** Data records **
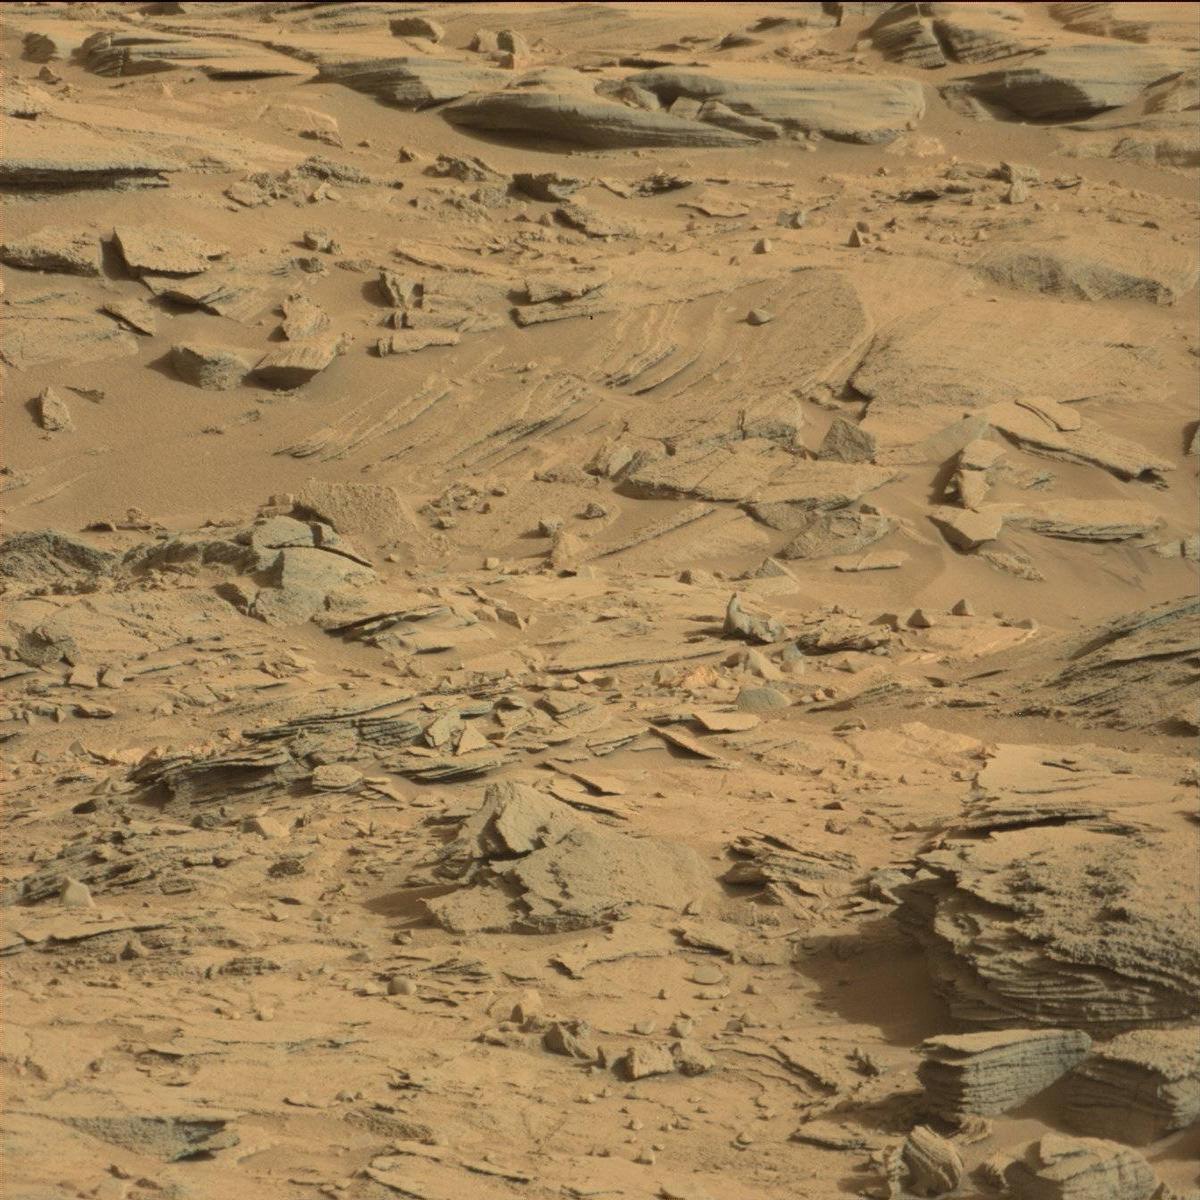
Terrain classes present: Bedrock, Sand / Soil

---

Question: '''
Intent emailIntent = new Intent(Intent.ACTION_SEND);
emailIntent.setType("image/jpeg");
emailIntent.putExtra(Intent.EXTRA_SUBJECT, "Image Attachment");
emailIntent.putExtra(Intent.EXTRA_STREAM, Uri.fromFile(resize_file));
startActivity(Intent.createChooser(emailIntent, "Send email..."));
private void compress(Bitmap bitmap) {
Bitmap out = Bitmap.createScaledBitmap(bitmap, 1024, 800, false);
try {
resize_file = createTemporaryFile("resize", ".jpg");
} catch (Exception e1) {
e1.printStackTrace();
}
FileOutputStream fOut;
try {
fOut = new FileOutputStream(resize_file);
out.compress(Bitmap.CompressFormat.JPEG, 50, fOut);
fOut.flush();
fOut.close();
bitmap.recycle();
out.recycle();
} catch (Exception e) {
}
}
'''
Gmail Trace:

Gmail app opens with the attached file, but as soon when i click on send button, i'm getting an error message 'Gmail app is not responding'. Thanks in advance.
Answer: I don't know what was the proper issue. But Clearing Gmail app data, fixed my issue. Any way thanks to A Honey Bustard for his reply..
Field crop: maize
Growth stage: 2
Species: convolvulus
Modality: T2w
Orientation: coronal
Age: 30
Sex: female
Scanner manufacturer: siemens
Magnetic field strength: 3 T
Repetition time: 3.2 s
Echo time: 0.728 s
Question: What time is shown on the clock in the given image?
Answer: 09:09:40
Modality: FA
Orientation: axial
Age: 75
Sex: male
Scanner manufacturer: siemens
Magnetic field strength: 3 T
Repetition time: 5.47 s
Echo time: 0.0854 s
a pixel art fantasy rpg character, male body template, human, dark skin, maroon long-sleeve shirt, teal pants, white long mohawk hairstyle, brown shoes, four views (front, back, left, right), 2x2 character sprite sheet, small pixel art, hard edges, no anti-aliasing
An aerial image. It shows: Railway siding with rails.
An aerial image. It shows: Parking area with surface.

--

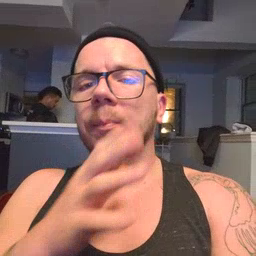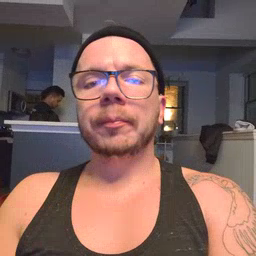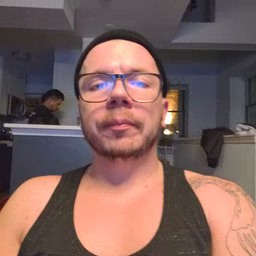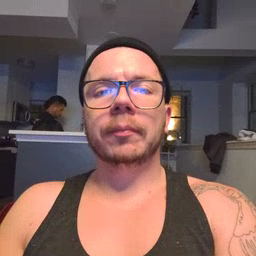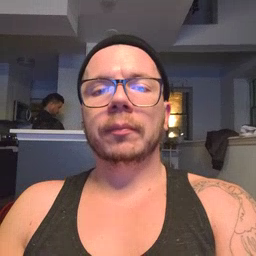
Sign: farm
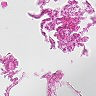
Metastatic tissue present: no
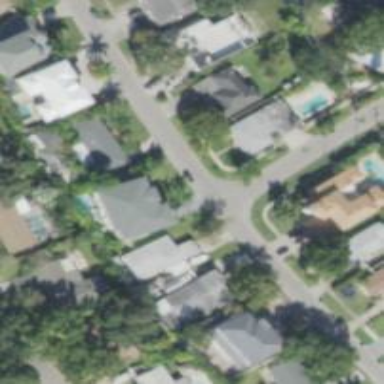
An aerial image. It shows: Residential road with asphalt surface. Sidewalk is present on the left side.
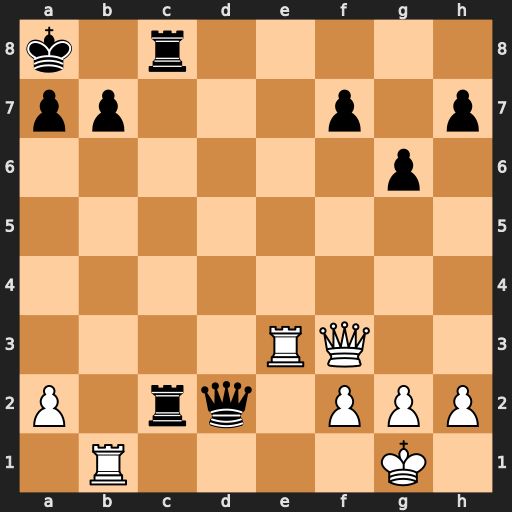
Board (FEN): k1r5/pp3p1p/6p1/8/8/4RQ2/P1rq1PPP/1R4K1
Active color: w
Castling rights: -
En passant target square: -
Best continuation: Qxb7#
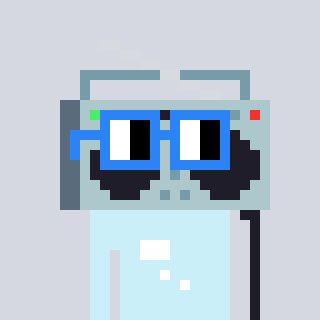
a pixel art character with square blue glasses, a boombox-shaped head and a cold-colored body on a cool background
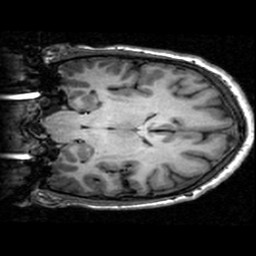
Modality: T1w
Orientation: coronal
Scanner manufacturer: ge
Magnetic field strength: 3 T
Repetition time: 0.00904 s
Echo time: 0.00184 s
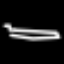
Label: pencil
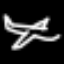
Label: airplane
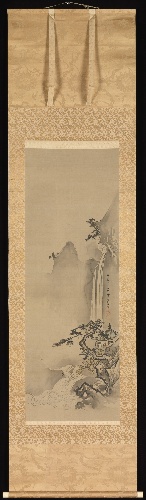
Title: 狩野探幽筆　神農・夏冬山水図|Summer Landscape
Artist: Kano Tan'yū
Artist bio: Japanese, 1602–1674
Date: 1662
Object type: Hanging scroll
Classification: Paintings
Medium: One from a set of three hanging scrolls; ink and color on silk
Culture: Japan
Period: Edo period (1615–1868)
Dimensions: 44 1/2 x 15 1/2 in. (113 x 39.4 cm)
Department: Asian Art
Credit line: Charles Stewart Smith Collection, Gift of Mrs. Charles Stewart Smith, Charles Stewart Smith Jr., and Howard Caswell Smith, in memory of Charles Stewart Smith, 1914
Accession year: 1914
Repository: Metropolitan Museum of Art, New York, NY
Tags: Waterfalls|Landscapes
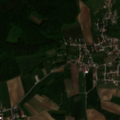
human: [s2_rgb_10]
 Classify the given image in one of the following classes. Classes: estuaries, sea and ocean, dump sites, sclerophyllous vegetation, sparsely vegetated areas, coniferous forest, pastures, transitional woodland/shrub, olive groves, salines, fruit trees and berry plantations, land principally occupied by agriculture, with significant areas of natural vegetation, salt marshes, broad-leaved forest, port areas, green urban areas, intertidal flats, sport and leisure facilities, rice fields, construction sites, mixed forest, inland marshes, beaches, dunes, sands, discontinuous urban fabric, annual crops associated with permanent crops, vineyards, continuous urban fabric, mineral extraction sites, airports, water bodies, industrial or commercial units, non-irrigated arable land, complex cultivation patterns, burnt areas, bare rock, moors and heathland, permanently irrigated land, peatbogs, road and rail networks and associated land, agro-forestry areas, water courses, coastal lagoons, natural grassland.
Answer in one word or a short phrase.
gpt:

** Exercise requirements **
Return only the stretch of the material above from the line holding "Modality: T2w" through the line holding "Repetition time: 5.47 s", copied exactly.

** Answer for the task **
Modality: T2w
Orientation: coronal
Age: 30
Sex: female
Scanner manufacturer: siemens
Magnetic field strength: 3 T
Repetition time: 3.2 s
Echo time: 0.728 s
Question: What time is shown on the clock in the given image?
Answer: 09:09:40
Modality: FA
Orientation: axial
Age: 75
Sex: male
Scanner manufacturer: siemens
Magnetic field strength: 3 T
Repetition time: 5.47 s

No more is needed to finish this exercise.